(Items from a data source)
--------------------

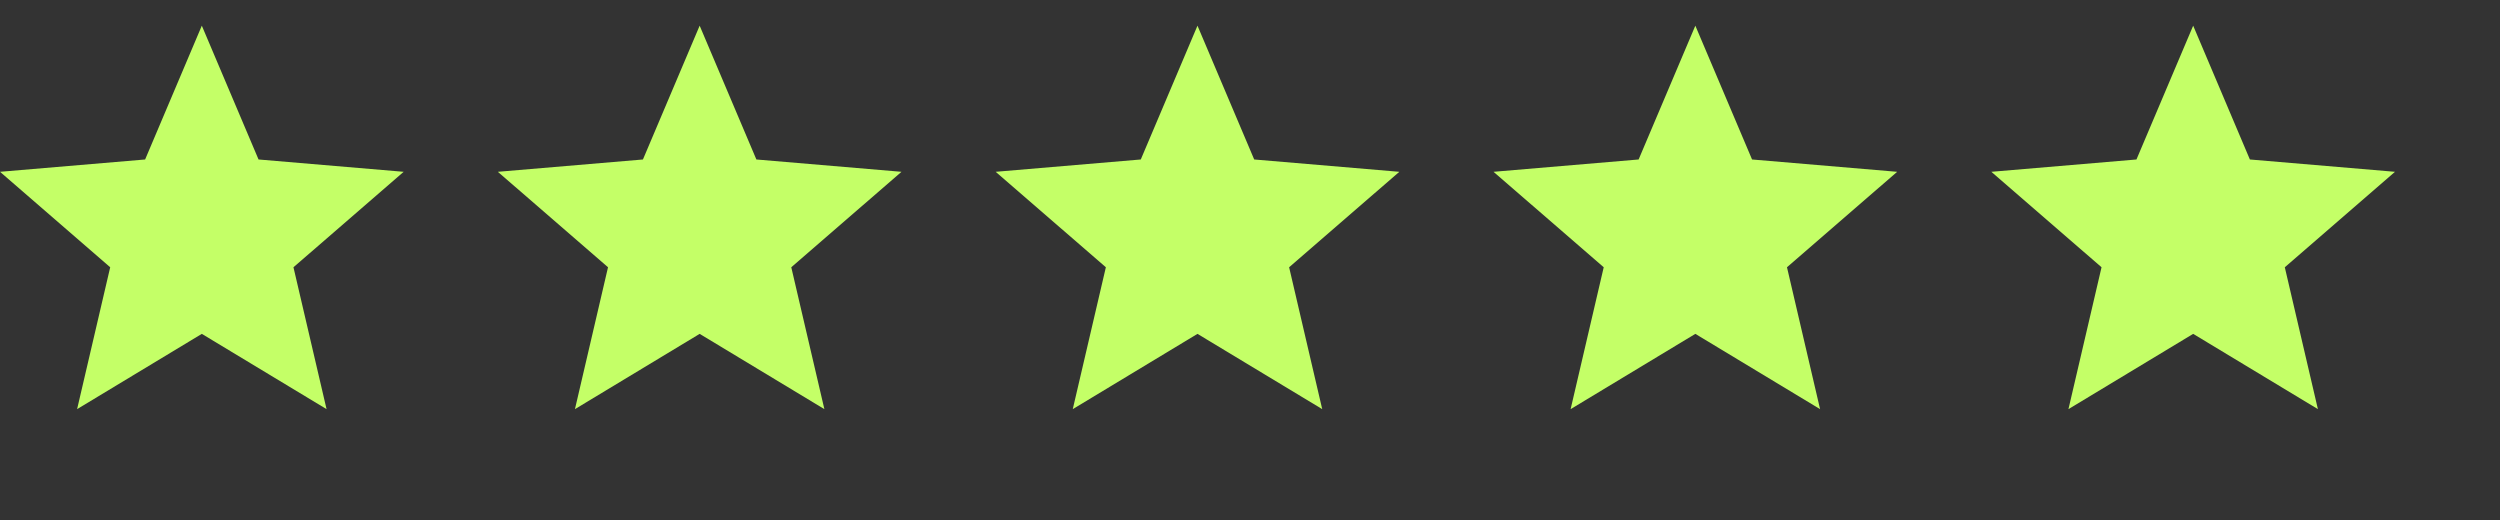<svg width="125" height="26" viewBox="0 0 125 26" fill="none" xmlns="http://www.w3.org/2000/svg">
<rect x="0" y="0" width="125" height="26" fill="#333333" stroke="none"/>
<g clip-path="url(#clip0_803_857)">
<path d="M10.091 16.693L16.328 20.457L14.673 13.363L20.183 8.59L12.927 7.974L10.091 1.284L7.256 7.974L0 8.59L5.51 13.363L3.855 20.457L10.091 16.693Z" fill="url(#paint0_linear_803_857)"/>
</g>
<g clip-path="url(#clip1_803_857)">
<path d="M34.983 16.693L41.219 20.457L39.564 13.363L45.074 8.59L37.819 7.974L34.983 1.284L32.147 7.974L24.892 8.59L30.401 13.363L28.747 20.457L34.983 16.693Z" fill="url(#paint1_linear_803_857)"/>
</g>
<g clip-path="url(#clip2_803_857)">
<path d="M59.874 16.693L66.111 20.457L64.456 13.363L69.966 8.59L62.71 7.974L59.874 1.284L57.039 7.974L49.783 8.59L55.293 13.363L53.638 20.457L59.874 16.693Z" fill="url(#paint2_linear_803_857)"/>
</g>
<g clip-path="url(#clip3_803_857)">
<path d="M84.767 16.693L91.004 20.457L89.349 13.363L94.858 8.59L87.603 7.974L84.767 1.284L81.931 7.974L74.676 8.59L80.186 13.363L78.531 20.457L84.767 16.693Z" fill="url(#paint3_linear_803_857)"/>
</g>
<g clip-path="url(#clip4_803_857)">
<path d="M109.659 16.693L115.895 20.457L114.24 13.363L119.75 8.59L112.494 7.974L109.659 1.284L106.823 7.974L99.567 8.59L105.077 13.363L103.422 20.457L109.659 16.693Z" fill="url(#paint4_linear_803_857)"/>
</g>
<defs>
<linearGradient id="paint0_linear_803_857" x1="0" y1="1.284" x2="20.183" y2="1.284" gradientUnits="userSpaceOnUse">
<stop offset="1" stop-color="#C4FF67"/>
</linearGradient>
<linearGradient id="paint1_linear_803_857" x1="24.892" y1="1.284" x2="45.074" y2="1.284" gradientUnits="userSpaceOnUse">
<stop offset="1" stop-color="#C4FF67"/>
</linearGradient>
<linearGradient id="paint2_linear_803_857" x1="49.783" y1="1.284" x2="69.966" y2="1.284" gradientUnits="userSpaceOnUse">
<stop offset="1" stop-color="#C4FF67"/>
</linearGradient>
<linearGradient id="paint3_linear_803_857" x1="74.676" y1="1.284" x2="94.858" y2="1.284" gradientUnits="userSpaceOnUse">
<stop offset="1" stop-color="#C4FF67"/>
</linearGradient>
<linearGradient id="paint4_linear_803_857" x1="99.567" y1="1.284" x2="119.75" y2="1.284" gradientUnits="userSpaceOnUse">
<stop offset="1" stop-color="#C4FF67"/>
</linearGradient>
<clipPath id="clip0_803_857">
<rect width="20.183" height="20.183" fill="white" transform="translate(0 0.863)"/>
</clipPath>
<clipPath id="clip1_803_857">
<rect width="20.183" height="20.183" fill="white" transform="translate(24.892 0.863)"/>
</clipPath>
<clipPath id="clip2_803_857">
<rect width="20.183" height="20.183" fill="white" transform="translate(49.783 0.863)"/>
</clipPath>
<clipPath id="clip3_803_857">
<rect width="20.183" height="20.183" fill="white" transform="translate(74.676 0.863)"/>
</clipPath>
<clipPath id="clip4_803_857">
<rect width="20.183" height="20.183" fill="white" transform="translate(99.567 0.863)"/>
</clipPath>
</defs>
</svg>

--------------------

Your objective:
Transcribe every entry above exactly. Omit all pictures.

Answer space:
<svg width="125" height="26" viewBox="0 0 125 26" fill="none" xmlns="http://www.w3.org/2000/svg">
<rect x="0" y="0" width="125" height="26" fill="#333333" stroke="none"/>
<g clip-path="url(#clip0_803_857)">
<path d="M10.091 16.693L16.328 20.457L14.673 13.363L20.183 8.59L12.927 7.974L10.091 1.284L7.256 7.974L0 8.59L5.51 13.363L3.855 20.457L10.091 16.693Z" fill="url(#paint0_linear_803_857)"/>
</g>
<g clip-path="url(#clip1_803_857)">
<path d="M34.983 16.693L41.219 20.457L39.564 13.363L45.074 8.59L37.819 7.974L34.983 1.284L32.147 7.974L24.892 8.59L30.401 13.363L28.747 20.457L34.983 16.693Z" fill="url(#paint1_linear_803_857)"/>
</g>
<g clip-path="url(#clip2_803_857)">
<path d="M59.874 16.693L66.111 20.457L64.456 13.363L69.966 8.59L62.71 7.974L59.874 1.284L57.039 7.974L49.783 8.59L55.293 13.363L53.638 20.457L59.874 16.693Z" fill="url(#paint2_linear_803_857)"/>
</g>
<g clip-path="url(#clip3_803_857)">
<path d="M84.767 16.693L91.004 20.457L89.349 13.363L94.858 8.59L87.603 7.974L84.767 1.284L81.931 7.974L74.676 8.59L80.186 13.363L78.531 20.457L84.767 16.693Z" fill="url(#paint3_linear_803_857)"/>
</g>
<g clip-path="url(#clip4_803_857)">
<path d="M109.659 16.693L115.895 20.457L114.24 13.363L119.75 8.59L112.494 7.974L109.659 1.284L106.823 7.974L99.567 8.59L105.077 13.363L103.422 20.457L109.659 16.693Z" fill="url(#paint4_linear_803_857)"/>
</g>
<defs>
<linearGradient id="paint0_linear_803_857" x1="0" y1="1.284" x2="20.183" y2="1.284" gradientUnits="userSpaceOnUse">
<stop offset="1" stop-color="#C4FF67"/>
</linearGradient>
<linearGradient id="paint1_linear_803_857" x1="24.892" y1="1.284" x2="45.074" y2="1.284" gradientUnits="userSpaceOnUse">
<stop offset="1" stop-color="#C4FF67"/>
</linearGradient>
<linearGradient id="paint2_linear_803_857" x1="49.783" y1="1.284" x2="69.966" y2="1.284" gradientUnits="userSpaceOnUse">
<stop offset="1" stop-color="#C4FF67"/>
</linearGradient>
<linearGradient id="paint3_linear_803_857" x1="74.676" y1="1.284" x2="94.858" y2="1.284" gradientUnits="userSpaceOnUse">
<stop offset="1" stop-color="#C4FF67"/>
</linearGradient>
<linearGradient id="paint4_linear_803_857" x1="99.567" y1="1.284" x2="119.75" y2="1.284" gradientUnits="userSpaceOnUse">
<stop offset="1" stop-color="#C4FF67"/>
</linearGradient>
<clipPath id="clip0_803_857">
<rect width="20.183" height="20.183" fill="white" transform="translate(0 0.863)"/>
</clipPath>
<clipPath id="clip1_803_857">
<rect width="20.183" height="20.183" fill="white" transform="translate(24.892 0.863)"/>
</clipPath>
<clipPath id="clip2_803_857">
<rect width="20.183" height="20.183" fill="white" transform="translate(49.783 0.863)"/>
</clipPath>
<clipPath id="clip3_803_857">
<rect width="20.183" height="20.183" fill="white" transform="translate(74.676 0.863)"/>
</clipPath>
<clipPath id="clip4_803_857">
<rect width="20.183" height="20.183" fill="white" transform="translate(99.567 0.863)"/>
</clipPath>
</defs>
</svg>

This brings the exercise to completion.